SOURCE MATERIAL Start Marker

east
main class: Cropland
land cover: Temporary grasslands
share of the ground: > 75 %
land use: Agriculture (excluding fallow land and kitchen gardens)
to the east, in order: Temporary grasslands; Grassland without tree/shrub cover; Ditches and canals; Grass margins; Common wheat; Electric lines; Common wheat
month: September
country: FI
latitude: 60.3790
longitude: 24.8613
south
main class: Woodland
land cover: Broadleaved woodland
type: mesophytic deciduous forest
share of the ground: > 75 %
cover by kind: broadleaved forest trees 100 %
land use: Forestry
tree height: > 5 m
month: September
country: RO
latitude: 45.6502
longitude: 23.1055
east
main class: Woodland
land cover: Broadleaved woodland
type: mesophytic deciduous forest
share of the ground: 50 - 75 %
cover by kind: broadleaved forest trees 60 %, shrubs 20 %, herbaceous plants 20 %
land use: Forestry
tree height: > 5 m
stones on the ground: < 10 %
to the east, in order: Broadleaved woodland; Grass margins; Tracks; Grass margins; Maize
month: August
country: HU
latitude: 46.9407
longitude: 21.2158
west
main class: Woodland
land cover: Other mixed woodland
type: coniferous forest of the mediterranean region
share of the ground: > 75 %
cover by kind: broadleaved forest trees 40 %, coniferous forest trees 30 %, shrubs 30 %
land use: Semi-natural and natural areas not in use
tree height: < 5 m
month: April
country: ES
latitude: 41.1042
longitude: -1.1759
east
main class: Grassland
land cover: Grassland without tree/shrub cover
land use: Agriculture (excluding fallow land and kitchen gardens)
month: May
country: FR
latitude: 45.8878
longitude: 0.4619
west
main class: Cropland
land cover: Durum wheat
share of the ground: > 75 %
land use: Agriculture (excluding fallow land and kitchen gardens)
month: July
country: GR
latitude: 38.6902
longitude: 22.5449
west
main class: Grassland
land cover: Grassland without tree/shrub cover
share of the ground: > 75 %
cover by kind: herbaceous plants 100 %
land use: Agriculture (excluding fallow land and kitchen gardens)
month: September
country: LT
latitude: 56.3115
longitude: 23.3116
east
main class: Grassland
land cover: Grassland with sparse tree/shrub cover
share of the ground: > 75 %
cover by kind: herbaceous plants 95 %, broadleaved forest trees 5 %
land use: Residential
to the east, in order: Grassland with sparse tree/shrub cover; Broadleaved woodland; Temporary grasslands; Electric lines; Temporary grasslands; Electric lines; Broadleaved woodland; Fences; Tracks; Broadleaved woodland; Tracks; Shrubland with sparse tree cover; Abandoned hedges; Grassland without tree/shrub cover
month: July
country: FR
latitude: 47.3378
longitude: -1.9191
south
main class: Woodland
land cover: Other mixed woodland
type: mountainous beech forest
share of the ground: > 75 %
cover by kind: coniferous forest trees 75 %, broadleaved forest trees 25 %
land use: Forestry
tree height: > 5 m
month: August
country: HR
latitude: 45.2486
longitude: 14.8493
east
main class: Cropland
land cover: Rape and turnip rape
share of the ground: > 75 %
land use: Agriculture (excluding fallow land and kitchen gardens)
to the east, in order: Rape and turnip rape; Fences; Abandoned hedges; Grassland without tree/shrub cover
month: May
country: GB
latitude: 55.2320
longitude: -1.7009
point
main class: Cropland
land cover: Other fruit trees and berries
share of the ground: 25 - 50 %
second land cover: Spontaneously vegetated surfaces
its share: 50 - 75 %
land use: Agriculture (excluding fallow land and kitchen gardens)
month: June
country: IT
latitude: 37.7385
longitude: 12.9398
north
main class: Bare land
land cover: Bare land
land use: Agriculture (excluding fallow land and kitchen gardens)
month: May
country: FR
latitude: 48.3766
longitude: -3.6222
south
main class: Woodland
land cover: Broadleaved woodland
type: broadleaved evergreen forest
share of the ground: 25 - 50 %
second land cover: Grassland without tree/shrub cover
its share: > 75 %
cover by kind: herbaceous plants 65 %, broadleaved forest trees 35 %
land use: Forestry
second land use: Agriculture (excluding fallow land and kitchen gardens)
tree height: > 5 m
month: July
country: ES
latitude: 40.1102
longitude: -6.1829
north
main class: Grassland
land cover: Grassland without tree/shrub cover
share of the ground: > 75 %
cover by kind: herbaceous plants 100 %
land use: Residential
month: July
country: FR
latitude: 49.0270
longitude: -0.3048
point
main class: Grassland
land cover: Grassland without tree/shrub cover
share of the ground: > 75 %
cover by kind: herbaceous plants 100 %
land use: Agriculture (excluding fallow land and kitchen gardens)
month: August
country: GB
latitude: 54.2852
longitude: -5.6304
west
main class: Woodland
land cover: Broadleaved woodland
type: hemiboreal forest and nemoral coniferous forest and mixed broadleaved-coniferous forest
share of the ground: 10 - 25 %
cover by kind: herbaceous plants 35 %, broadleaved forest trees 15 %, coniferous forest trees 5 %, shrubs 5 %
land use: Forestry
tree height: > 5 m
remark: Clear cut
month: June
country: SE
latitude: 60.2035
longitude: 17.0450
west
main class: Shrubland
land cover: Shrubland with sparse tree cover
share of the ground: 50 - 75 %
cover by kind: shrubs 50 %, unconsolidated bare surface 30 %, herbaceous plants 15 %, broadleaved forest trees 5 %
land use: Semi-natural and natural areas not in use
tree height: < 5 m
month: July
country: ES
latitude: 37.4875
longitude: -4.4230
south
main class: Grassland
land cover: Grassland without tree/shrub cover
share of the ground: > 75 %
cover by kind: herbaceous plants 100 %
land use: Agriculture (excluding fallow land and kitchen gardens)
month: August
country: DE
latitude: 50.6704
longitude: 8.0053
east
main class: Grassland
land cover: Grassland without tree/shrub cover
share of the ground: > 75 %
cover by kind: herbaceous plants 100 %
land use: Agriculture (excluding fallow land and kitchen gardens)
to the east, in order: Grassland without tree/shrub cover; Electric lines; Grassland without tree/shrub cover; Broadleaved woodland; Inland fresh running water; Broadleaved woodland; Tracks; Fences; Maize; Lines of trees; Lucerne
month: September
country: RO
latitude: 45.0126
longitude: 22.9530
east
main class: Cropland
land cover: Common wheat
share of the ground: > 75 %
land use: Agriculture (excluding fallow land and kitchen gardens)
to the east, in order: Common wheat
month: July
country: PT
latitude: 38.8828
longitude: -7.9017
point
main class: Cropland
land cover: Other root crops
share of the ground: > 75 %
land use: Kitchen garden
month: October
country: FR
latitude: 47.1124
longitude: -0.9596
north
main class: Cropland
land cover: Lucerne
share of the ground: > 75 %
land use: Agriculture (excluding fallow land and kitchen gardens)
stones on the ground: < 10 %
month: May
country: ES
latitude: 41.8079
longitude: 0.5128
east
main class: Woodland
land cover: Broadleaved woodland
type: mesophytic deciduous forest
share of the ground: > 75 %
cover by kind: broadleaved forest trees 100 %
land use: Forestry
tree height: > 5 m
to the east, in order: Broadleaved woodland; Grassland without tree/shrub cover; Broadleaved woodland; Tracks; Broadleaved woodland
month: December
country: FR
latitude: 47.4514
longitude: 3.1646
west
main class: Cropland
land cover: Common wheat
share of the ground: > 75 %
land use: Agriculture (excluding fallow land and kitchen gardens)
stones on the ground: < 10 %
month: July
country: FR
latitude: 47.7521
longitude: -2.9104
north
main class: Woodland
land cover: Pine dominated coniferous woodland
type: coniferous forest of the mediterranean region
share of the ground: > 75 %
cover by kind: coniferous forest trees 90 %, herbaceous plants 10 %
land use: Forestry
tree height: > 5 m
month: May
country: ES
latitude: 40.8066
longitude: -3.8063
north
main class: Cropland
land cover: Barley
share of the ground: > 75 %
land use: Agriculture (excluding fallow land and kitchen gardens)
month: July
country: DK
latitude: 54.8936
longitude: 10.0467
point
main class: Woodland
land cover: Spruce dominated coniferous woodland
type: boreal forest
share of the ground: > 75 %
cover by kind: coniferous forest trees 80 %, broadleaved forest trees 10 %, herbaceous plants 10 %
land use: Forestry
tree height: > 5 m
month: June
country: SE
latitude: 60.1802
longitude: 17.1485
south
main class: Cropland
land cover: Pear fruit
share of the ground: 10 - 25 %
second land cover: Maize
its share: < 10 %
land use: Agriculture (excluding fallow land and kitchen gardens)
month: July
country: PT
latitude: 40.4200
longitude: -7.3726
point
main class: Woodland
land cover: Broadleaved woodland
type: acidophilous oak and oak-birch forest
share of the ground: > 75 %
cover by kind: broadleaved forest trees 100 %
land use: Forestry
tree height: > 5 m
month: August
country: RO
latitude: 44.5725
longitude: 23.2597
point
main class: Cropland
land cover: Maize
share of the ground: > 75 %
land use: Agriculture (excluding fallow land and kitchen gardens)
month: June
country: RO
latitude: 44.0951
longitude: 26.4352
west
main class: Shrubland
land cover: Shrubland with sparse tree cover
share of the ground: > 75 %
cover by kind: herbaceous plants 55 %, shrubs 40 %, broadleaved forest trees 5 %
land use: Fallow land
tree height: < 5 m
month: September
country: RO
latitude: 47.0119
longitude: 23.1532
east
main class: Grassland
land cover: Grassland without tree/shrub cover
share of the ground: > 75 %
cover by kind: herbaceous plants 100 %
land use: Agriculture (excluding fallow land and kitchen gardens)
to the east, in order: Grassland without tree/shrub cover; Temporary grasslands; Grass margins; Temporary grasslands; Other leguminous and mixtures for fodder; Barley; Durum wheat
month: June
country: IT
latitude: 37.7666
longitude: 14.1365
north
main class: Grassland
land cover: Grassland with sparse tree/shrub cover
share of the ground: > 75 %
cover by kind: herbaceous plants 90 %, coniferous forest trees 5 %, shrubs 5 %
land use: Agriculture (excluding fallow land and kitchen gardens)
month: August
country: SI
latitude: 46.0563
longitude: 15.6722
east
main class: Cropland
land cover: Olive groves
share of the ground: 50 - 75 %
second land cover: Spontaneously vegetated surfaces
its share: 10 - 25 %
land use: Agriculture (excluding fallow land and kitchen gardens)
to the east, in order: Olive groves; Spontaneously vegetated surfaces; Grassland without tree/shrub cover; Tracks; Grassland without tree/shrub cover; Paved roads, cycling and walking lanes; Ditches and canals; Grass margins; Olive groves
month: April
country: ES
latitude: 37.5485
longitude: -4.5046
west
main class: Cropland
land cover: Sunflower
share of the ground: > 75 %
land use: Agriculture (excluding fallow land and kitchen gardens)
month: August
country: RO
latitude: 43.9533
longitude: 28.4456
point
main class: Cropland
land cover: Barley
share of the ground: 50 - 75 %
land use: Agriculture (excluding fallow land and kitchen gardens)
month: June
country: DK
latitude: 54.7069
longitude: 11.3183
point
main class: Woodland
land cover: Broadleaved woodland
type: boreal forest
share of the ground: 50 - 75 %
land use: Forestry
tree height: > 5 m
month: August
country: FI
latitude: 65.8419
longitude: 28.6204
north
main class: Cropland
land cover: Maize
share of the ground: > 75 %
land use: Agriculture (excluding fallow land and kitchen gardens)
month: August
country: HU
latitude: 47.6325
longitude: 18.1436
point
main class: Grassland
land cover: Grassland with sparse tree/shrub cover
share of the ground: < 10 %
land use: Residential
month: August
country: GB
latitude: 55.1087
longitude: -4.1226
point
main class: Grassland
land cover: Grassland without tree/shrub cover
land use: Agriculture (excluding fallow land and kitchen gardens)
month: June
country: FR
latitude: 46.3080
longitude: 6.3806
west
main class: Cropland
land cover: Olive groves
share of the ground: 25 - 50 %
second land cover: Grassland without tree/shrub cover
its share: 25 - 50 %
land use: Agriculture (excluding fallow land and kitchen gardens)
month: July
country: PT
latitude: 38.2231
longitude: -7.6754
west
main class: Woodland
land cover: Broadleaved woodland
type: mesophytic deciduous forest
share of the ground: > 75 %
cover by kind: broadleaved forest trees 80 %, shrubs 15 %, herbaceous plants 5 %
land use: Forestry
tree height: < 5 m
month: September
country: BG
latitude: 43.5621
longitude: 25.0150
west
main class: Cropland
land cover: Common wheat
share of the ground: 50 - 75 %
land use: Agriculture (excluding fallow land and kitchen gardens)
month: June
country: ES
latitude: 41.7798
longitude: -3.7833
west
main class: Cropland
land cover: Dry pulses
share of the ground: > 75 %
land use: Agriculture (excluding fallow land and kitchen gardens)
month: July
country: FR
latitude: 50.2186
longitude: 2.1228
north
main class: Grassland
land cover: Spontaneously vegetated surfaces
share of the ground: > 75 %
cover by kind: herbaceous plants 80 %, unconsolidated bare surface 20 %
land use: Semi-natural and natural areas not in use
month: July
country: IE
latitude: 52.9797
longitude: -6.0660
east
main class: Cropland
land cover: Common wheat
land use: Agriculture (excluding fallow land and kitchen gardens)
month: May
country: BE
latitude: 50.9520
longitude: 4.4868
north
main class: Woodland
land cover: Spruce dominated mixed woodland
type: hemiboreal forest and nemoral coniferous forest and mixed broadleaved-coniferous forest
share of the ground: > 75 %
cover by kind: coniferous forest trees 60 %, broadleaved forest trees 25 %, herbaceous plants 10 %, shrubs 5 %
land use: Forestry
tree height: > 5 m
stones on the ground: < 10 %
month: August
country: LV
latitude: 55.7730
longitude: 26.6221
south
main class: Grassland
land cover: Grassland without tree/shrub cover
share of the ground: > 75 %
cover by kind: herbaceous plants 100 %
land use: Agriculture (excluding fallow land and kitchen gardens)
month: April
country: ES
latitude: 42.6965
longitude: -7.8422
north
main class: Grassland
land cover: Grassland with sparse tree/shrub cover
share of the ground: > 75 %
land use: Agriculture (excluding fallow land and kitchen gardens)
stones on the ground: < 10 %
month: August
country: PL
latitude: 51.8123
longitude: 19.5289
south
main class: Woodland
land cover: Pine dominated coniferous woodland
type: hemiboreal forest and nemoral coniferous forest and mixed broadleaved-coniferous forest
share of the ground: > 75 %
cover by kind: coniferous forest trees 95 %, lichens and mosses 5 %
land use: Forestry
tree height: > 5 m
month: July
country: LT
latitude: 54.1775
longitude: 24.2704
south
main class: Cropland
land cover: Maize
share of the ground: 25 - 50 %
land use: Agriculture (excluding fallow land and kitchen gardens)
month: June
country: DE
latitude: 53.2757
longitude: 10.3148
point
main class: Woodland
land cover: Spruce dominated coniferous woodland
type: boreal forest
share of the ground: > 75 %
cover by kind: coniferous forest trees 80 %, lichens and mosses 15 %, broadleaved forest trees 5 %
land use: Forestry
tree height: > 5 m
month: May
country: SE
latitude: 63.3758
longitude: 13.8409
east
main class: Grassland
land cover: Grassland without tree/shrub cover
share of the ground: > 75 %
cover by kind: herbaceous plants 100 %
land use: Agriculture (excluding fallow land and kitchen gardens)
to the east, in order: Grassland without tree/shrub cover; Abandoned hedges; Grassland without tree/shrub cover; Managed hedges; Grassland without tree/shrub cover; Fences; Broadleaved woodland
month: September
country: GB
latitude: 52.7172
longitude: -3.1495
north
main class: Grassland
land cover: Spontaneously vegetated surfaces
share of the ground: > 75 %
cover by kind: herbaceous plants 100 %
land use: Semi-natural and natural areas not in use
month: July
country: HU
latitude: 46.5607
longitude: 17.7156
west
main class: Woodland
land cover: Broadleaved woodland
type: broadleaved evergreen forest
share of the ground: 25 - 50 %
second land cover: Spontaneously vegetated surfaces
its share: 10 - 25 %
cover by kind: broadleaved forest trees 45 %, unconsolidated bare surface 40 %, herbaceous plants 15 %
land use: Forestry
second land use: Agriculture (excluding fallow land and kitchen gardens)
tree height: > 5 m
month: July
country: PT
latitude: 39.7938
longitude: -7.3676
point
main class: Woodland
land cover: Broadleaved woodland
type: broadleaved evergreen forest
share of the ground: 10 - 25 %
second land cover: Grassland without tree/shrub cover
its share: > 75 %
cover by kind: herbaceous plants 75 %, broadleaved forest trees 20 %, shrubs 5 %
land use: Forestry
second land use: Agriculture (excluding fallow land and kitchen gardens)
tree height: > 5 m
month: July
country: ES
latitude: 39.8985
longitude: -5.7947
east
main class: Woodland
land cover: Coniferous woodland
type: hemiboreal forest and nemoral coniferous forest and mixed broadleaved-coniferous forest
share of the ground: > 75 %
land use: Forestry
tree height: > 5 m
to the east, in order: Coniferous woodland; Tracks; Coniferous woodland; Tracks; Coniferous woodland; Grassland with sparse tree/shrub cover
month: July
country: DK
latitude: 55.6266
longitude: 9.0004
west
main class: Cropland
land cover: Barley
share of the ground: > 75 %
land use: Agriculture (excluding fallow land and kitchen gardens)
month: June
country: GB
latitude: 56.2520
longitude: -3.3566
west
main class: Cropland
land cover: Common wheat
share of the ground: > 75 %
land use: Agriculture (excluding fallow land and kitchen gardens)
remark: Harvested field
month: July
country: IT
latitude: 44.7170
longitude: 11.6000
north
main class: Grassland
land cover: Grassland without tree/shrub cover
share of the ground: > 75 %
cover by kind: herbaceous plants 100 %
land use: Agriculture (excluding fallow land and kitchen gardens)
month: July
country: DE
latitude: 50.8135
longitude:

SOURCE MATERIAL End Marker

● **REQUIRED ACTION**
Scan the listing above and copy all lines containing the word "shrubs".

● **REPLY**
cover by kind: broadleaved forest trees 60 %, shrubs 20 %, herbaceous plants 20 %
cover by kind: broadleaved forest trees 40 %, coniferous forest trees 30 %, shrubs 30 %
cover by kind: herbaceous plants 35 %, broadleaved forest trees 15 %, coniferous forest trees 5 %, shrubs 5 %
cover by kind: shrubs 50 %, unconsolidated bare surface 30 %, herbaceous plants 15 %, broadleaved forest trees 5 %
cover by kind: herbaceous plants 55 %, shrubs 40 %, broadleaved forest trees 5 %
cover by kind: herbaceous plants 90 %, coniferous forest trees 5 %, shrubs 5 %
cover by kind: broadleaved forest trees 80 %, shrubs 15 %, herbaceous plants 5 %
cover by kind: coniferous forest trees 60 %, broadleaved forest trees 25 %, herbaceous plants 10 %, shrubs 5 %
cover by kind: herbaceous plants 75 %, broadleaved forest trees 20 %, shrubs 5 %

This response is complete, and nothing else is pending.